Золотой меч, пронизывающий пурпур лиловых миров, разгорается ослепительно – и пронзает сердце теурга. Уже начинает сквозить лицо среди небесных роз; различается голос; возникает диалог, подобный тому, который описан в «Трех Свиданиях» Вл. Соловьева; он говорит: «Не трижды ль Ты далась живому взгляду? – Твое лицо явилось, но всю Тебя хочу я увидать». – Голос говорит: «Будь в Египте».
Таков конец «тезы». Начинается чудо одинокого преображения.
Тогда, уже ясно предчувствуя изменение облика, как бы ощущая прикосновение чьих-то бесчисленных рук к своим плечам в лилово-пурпурном сумраке, который начинает просачиваться в золото, предвидя приближение каких-то огромных похорон, – теург отвечает на призывы:
Буря уже коснулась Лучезарного Лика, он почти воплощен, то есть – Имя почти угадано. Предусмотрено все, кроме одного: мертвой точки торжества. Это – самый сложный момент перехода от тезы к антитезе, который определяется уже a posteriori[1] и который я умею рассказать, лишь введя фикцию чьего-то постороннего вмешательства (лицо мне неизвестно). Вся картина переживаний изменяется существенно, начинается «антитеза», «изменение облика», которое предчувствовалось уже в самом начале «тезы». События, свидетельствующие об этом, следующие.
Как бы ревнуя одинокого теурга к Заревой ясности, некто внезапно пересекает золотую нить зацветающих чудес; лезвие лучезарного меча меркнет и перестает чувствоваться в сердце. Миры, которые были пронизаны его золотым светом, теряют пурпурный оттенок; как сквозь прорванную плотину, врывается сине-лиловый мировой сумрак (лучшее изображение всех этих цветов – у Врубеля) при раздирающем аккомпанементе скрипок и напевов, подобных цыганским песням. Если бы я писал картину, я бы изобразил переживание этого момента так: в лиловом сумраке необъятного мира качается огромный белый катафалк, а на нем лежит мертвая кукла с лицом, смутно напоминающим то, которое сквозило среди небесных роз.
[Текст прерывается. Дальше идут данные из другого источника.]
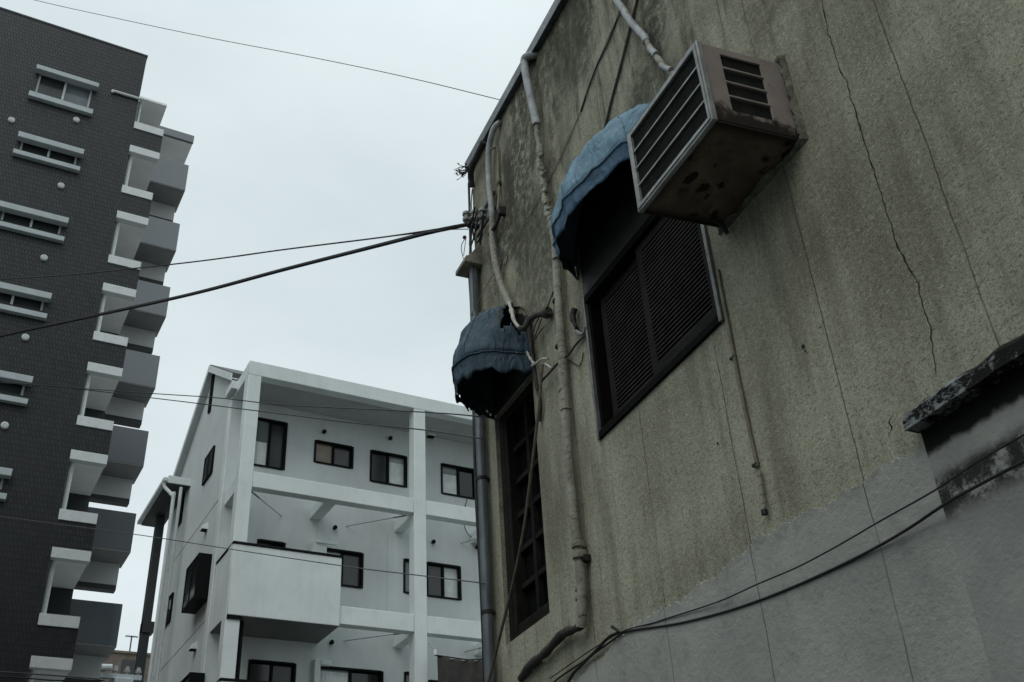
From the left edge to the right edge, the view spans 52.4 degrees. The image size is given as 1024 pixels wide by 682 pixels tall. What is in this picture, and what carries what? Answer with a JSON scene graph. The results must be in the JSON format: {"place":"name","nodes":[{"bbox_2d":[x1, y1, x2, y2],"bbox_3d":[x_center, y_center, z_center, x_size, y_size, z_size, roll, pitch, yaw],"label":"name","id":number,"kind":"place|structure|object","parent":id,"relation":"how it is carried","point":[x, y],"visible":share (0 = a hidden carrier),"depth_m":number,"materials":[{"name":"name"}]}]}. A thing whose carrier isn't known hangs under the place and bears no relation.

Для этого момента характерна необыкновенная острота, яркость и разнообразие переживаний. В лиловом сумраке нахлынувших миров уже все полно соответствий, хотя их законы совершенно иные, чем прежде, потому что нет уже золотого меча. Теперь, на фоне оглушительного вопля всего оркестра, громче всего раздается восторженное рыдание: «Мир прекрасен, мир волшебен, ты свободен».
Переживающий все это – уже не один; он полон многих демонов (иначе называемых «двойниками»), из которых его злая творческая воля создает по произволу постоянно меняющиеся группы заговорщиков. В каждый момент он скрывает, при помощи таких заговоров, какую-нибудь часть души от себя самого. Благодаря этой сети обманов – тем более ловких, чем волшебнее окружающий лиловый сумрак, – он умеет сделать своим орудием каждого из демонов, связать контрактом каждого из двойников; все они рыщут в лиловых мирах и, покорные его воле, добывают ему лучшие драгоценности – все, чего он ни пожелает: один принесет тучку, другой – вздох моря, третий – аметист, четвертый – священного скарабея, крылатый глаз. Все это бросает господин их в горнило своего художественного творчества и, наконец, при помощи заклинаний, добывает искомое – себе самому на диво и на потеху; искомое – красавица кукла.
Итак, свершилось: мой собственный волшебный мир стал ареной моих личных действий, моим «анатомическим театром», или балаганом, где сам я играю роль наряду с моими изумительными куклами (ессе homo!)[2]. Золотой меч погас, лиловые миры хлынули мне в сердце. Океан – мое сердце, все в нем равно волшебно: я не различаю жизни, сна и смерти, этого мира и иных миров (мгновенье, остановись!). Иначе говоря, я уже сделал собственную жизнь искусством (тенденция, проходящая очень ярко через все европейское декадентство). Жизнь стала искусством, я произвел заклинания, и передо мною возникло наконец то, что я (лично) называю «Незнакомкой»: красавица кукла, синий призрак, земное чудо.
Это – венец антитезы. И долго длится легкий, крылатый восторг перед своим созданием. Скрипки хвалят его на своем языке.